Across the league, teams are wearing ESPN+ patches on their chest (or TSN patches in Canada), as sports and broadcasters tie themselves closer together in the streaming era. Trading in the real estate earned the NLL additional marketing spend from its new TV partners—a way to simultaneously tell fans about the league’s new home while also reaching more people among ESPN and TSN’s existing audience.
“We were actively thinking about—who is the best strategic partner to place there?—knowing that there’s probably as much value to us as there is to the partner in leveraging that space for marketing purposes,” NLL deputy commissioner Jessica Berman said. Geico previously held league jersey inventory.
According to a source familiar with the deal, the NLL valued the uniform real estate in the mid-six figures.

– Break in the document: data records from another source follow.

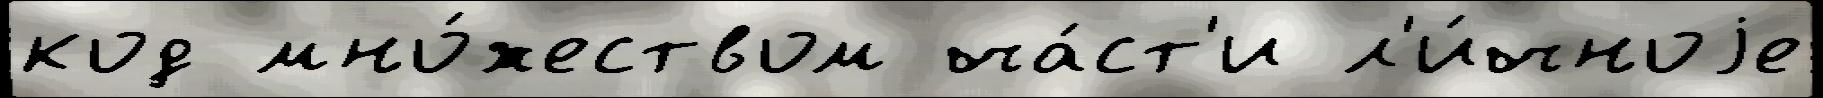
код мно́жеством ча́ст'и л'и́чноjе
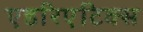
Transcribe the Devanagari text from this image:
एडरिएटिक्स
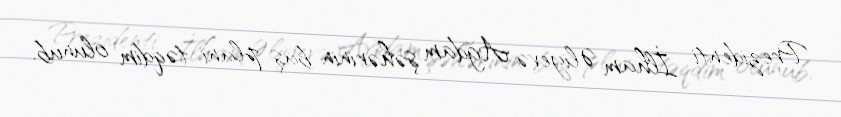
Prezidenti İlham Əliyevə Ağdam şəhərinin baş planı təqdim olunub.

Both sides plan to reevaluate the one-year agreement and the exposure it generated following the season.
“One of the great things about a league and a partnership like this is it gives you that sort of ability to try something different, something that you don’t normally do, and see how it works,” ESPN senior director of programming and acquisitions Dan Margulis said.
With the deal struck not long before the season kicked off, one of the trickier aspects of getting it done was designing the patches to fit teams’ various color schemes while staying within ESPN’s established brand rules.

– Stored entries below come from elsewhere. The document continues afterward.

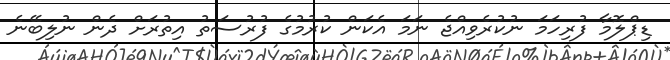
ޑިޕްލޮމާ ފުރިހަމަ ނުކުރެވިއްޖެ ނަމަ އެކަން ކުރުމުގެ ފުރުސަތު އިތުރަށް ދެން ނުލިބޭނެ
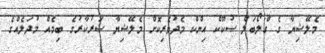
މެލޭޝިޔާ ގެ ގްލޯބަލް ޞުކޫކް އިންކް މެދުވެރިކޮށް މެލޭޝިޔާ ސަރުކާރުގެ ބިމެއް މުދަލެއްގެ
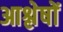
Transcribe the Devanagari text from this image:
आश्लेषों
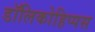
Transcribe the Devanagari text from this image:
डॉलिकोहिप्पस

ESPN and the NLL announced their broadcast deal in October, with plans for games to air across ESPN+ and its sister linear networks. “There’s really no bigger priority from a business perspective than building our media business,” Berman said, and that means viewing the league’s new relationship with ESPN “as an integrated relationship that really extends beyond content distribution.”
“We think of them as a commercial partner,” she added.

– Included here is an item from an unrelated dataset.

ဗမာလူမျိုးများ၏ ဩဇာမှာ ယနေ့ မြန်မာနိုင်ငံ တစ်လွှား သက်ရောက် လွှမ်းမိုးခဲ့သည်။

Today, fans don’t just pick a sport to follow, they pick a platform to pay for. And every month, they pick again. Sports broadcast deals, then, are no longer a mere matching of content and cameras. Instead, leagues and broadcasters each bring an audience to the table.
“Promotion in general is very important for us. We put a lot of focus on reaching out to viewers to let them know what’s on TSN,” executive director of sports programming, legal and business affairs David Bross said. “This was exciting because it gives us one extra promotional tool that we have never had in the past.”
By putting an ESPN+ patch on its jerseys, the NLL is hoping to drive more people to the service, both for its partner’s sake and for its own. In return, ESPN is urging its audience to tune into NLL action, for its partner’s sake but again also for its own. Symbiotic? Certainly. Circular? Sometimes. Like last week, when @NLL tweeted an ESPN highlight of NLL action, featuring ESPN+ ads on the field’s boards and the players’ jerseys.
ESPN+, that’s where you can catch the NLL, if you hadn’t heard.